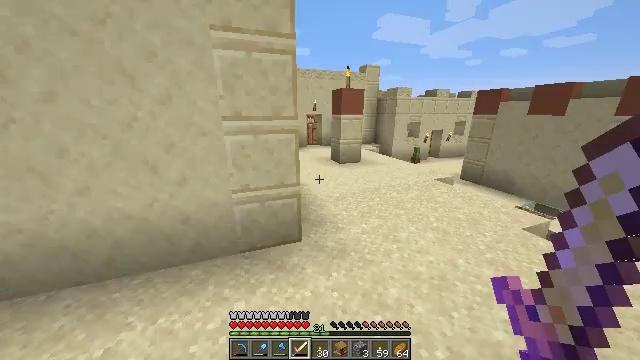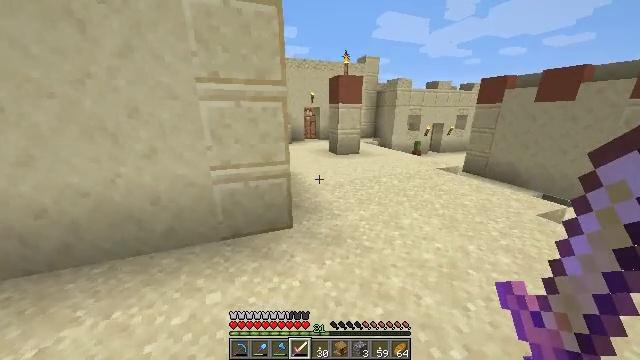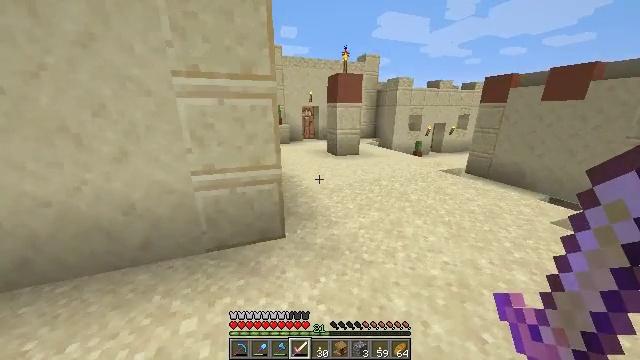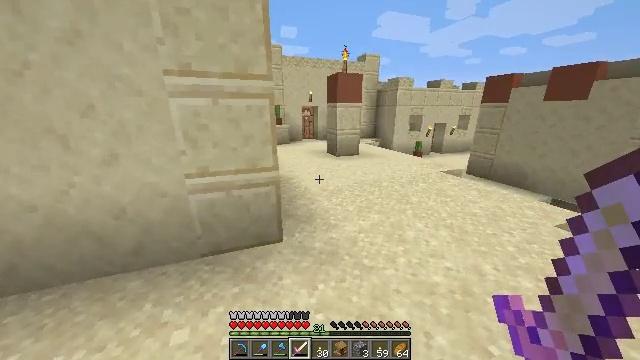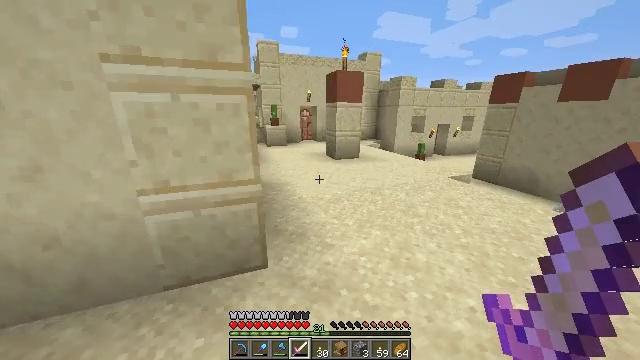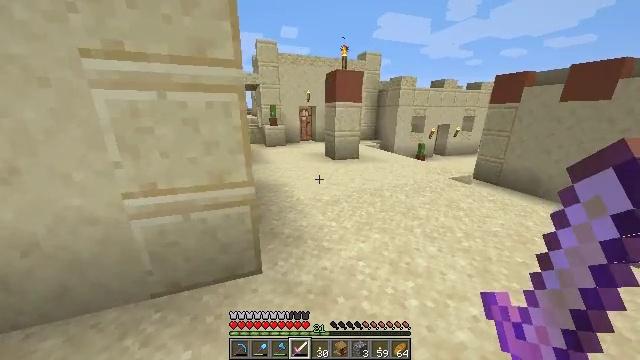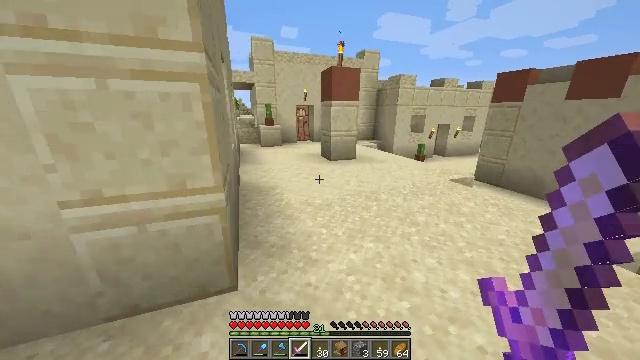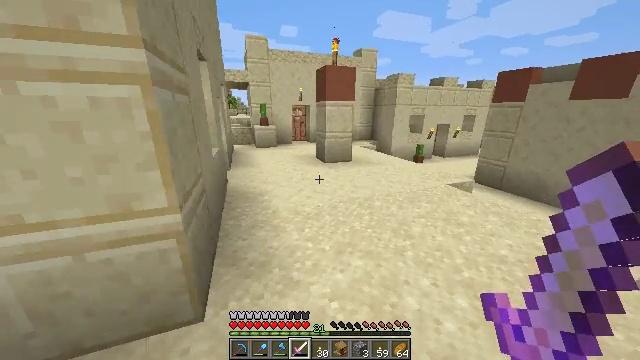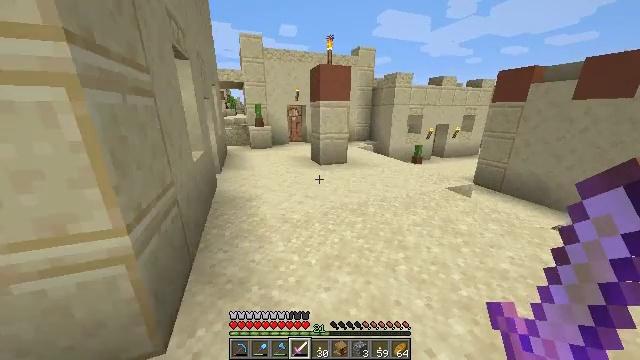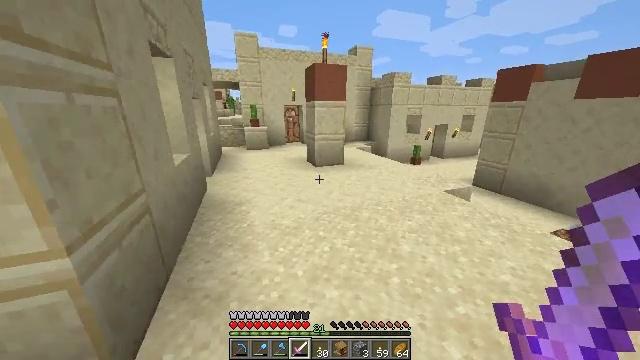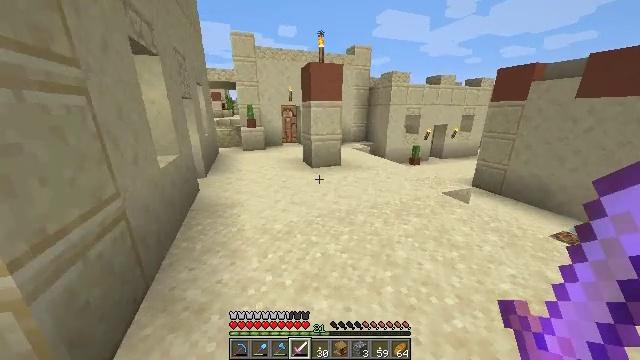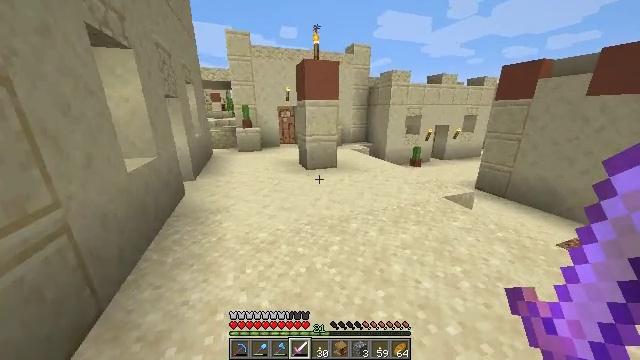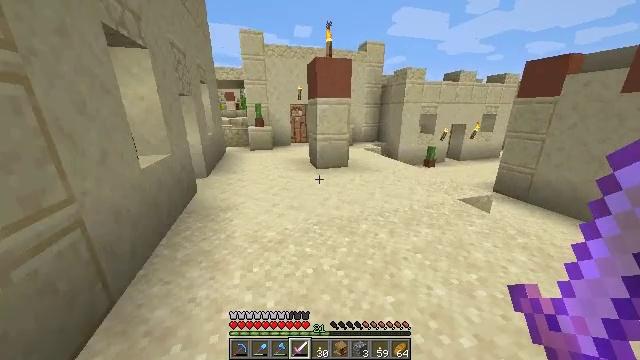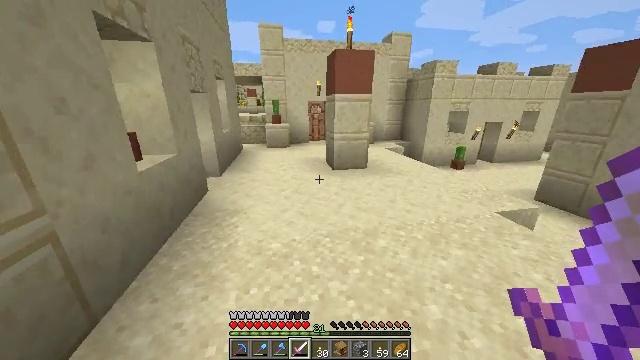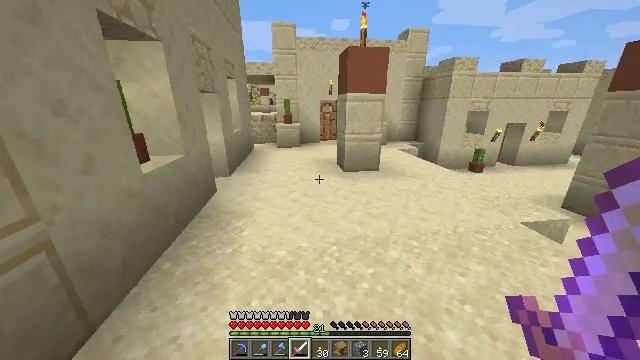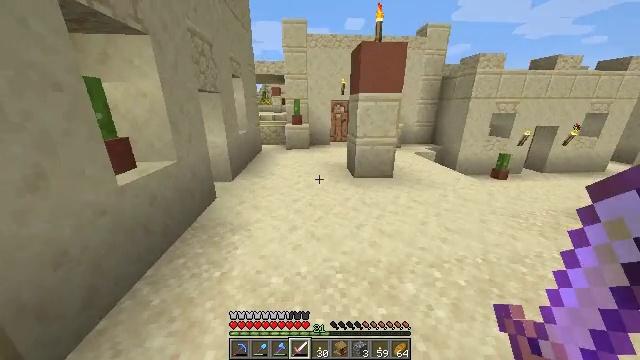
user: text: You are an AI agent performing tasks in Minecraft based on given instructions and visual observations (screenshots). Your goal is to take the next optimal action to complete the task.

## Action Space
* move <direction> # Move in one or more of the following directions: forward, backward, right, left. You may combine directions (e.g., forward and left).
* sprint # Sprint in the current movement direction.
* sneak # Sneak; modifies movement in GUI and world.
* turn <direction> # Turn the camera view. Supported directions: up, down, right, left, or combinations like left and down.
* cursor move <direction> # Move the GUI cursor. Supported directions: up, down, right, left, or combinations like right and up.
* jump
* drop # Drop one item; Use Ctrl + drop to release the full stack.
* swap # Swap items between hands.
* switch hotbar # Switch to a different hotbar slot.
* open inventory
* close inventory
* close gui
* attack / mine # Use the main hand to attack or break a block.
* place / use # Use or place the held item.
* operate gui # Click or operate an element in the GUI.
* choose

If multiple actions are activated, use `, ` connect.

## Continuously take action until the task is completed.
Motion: motion action
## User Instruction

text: Pick up the acacia fence after mining.
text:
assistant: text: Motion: move forward, sprint
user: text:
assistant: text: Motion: move forward, sprint
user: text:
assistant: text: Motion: move forward, sprint
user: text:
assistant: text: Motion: move forward, sprint
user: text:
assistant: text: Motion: move forward and move right, sprint
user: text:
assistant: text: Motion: move forward and move right, sprint
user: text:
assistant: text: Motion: move forward and move right, sprint
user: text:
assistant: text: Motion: move forward and move right, sprint
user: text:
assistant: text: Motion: move forward and move right, sprint
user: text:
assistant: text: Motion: move forward and move right, sprint
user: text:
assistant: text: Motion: move forward, sprint
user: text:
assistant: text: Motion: move forward, sprint, turn left
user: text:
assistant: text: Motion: move forward, sprint, turn left
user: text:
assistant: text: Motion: move forward, sprint, turn left
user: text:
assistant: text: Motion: move forward, sprint, turn left
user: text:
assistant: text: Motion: move forward, sprint, turn left
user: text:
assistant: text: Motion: move forward, sprint, turn left
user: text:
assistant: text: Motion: move forward, sprint, turn left
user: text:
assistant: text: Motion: move forward, sprint, turn left
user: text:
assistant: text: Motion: move forward, sprint, turn left
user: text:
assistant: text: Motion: move forward and move right, sprint, turn left
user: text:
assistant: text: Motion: move forward and move right, sprint, turn left
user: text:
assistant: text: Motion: move forward and move right, sprint, turn left
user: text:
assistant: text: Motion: move forward and move right, sprint, turn left
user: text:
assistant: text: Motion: move forward and move right, sprint, turn left
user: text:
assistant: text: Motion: move forward and move right, sprint, turn left
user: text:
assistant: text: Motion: move forward and move right, sprint, turn left
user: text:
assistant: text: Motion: move forward and move right, sprint, turn left
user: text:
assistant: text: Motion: move forward and move right, sprint, turn left
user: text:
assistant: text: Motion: move forward and move right, sprint, turn left

# DIRECTIONS:
The data above must be given again in full and unaltered, minus its images.

# RESULT OF THE EXERCISE:
user: text: You are an AI agent performing tasks in Minecraft based on given instructions and visual observations (screenshots). Your goal is to take the next optimal action to complete the task.

## Action Space
* move <direction> # Move in one or more of the following directions: forward, backward, right, left. You may combine directions (e.g., forward and left).
* sprint # Sprint in the current movement direction.
* sneak # Sneak; modifies movement in GUI and world.
* turn <direction> # Turn the camera view. Supported directions: up, down, right, left, or combinations like left and down.
* cursor move <direction> # Move the GUI cursor. Supported directions: up, down, right, left, or combinations like right and up.
* jump
* drop # Drop one item; Use Ctrl + drop to release the full stack.
* swap # Swap items between hands.
* switch hotbar # Switch to a different hotbar slot.
* open inventory
* close inventory
* close gui
* attack / mine # Use the main hand to attack or break a block.
* place / use # Use or place the held item.
* operate gui # Click or operate an element in the GUI.
* choose

If multiple actions are activated, use `, ` connect.

## Continuously take action until the task is completed.
Motion: motion action
## User Instruction

text: Pick up the acacia fence after mining.
text:
assistant: text: Motion: move forward, sprint
user: text:
assistant: text: Motion: move forward, sprint
user: text:
assistant: text: Motion: move forward, sprint
user: text:
assistant: text: Motion: move forward, sprint
user: text:
assistant: text: Motion: move forward and move right, sprint
user: text:
assistant: text: Motion: move forward and move right, sprint
user: text:
assistant: text: Motion: move forward and move right, sprint
user: text:
assistant: text: Motion: move forward and move right, sprint
user: text:
assistant: text: Motion: move forward and move right, sprint
user: text:
assistant: text: Motion: move forward and move right, sprint
user: text:
assistant: text: Motion: move forward, sprint
user: text:
assistant: text: Motion: move forward, sprint, turn left
user: text:
assistant: text: Motion: move forward, sprint, turn left
user: text:
assistant: text: Motion: move forward, sprint, turn left
user: text:
assistant: text: Motion: move forward, sprint, turn left
user: text:
assistant: text: Motion: move forward, sprint, turn left
user: text:
assistant: text: Motion: move forward, sprint, turn left
user: text:
assistant: text: Motion: move forward, sprint, turn left
user: text:
assistant: text: Motion: move forward, sprint, turn left
user: text:
assistant: text: Motion: move forward, sprint, turn left
user: text:
assistant: text: Motion: move forward and move right, sprint, turn left
user: text:
assistant: text: Motion: move forward and move right, sprint, turn left
user: text:
assistant: text: Motion: move forward and move right, sprint, turn left
user: text:
assistant: text: Motion: move forward and move right, sprint, turn left
user: text:
assistant: text: Motion: move forward and move right, sprint, turn left
user: text:
assistant: text: Motion: move forward and move right, sprint, turn left
user: text:
assistant: text: Motion: move forward and move right, sprint, turn left
user: text:
assistant: text: Motion: move forward and move right, sprint, turn left
user: text:
assistant: text: Motion: move forward and move right, sprint, turn left
user: text:
assistant: text: Motion: move forward and move right, sprint, turn left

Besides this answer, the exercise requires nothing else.